Looking for someone interested in playing in what I call a modern fantasy setting, with things where we haven't gone full sci-fi but stuff like holographic TVs displays and wall screen video-conferences are common,
You [and your family?] live in a what we would call a lower class apartment. You would be considered poor by this society however you would be regarded as middle-class by today's sensibilities. My character would be from a higher class family who basically now runs the apartment complex. Once I start running the apartment, things get worse for you go from the middle class in modern standards to genuinely poor in modern standards but absolutely below the poverty line poor to this society's standards.

Apartments in this society are basically like mini cities/complexes, all self-contained a but still connected to the outside world. Yeah, you can leave but why would you want to? There are stores movie theaters; schools work pool complexes. Even strip clubs on brothels in the lower levels.


Looking for a person who is into the longer-term story driven role-plays, to play either here discord or Skype.

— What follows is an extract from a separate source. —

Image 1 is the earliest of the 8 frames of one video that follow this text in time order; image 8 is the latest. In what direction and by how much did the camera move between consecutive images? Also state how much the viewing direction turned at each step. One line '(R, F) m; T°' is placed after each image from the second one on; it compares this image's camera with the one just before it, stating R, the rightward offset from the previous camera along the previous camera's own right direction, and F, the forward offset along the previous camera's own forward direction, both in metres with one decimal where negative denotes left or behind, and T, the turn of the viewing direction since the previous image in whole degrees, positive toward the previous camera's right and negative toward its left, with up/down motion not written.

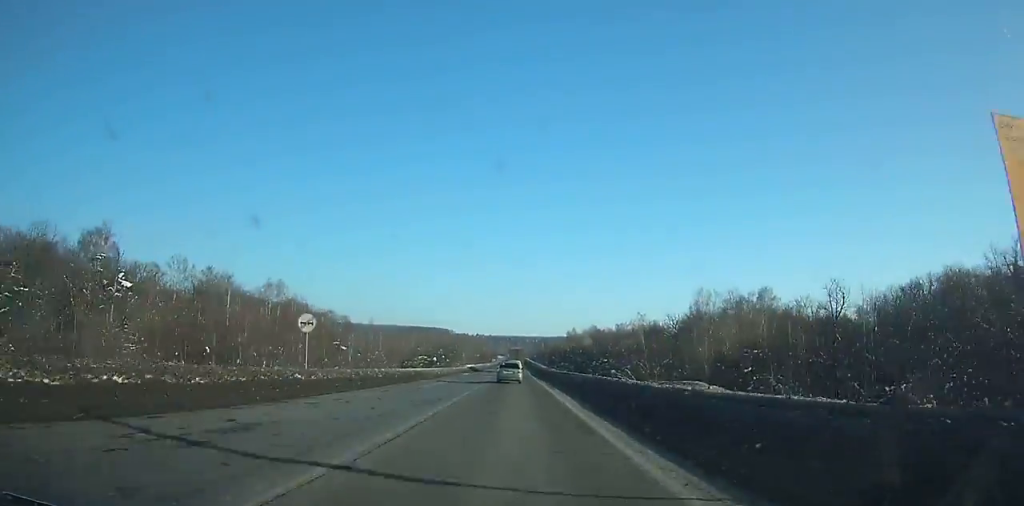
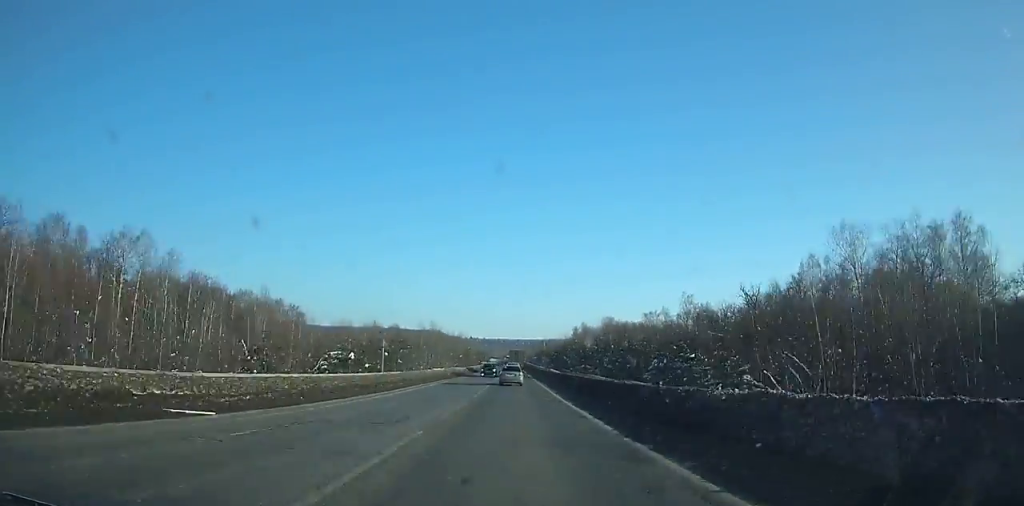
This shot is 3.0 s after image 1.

Some examples of what your apartment may look like.


----------



## Simo (Nov 10, 2017)

I'll have to ponder this, but might be interested.

The idea reminds me in ways of an amazing sci-fi book by J.G.Ballard, called, 'High-rise', which i liked a good deal.

High-Rise (novel) - Wikipedia

So, I'm certainly curious, and have Discord.


----------



## Kamenriderfire (Nov 10, 2017)

Simo said:


> I'll have to ponder this, but might be interested.
> 
> The idea reminds me in ways of an amazing sci-fi book by J.G.Ballard, called, 'High-rise', which i liked a good deal.
> 
> ...


Well we can talk on discord right now if you want


----------



## SSJ3Mewtwo (Dec 12, 2017)

Closing this at the OP's request.


----------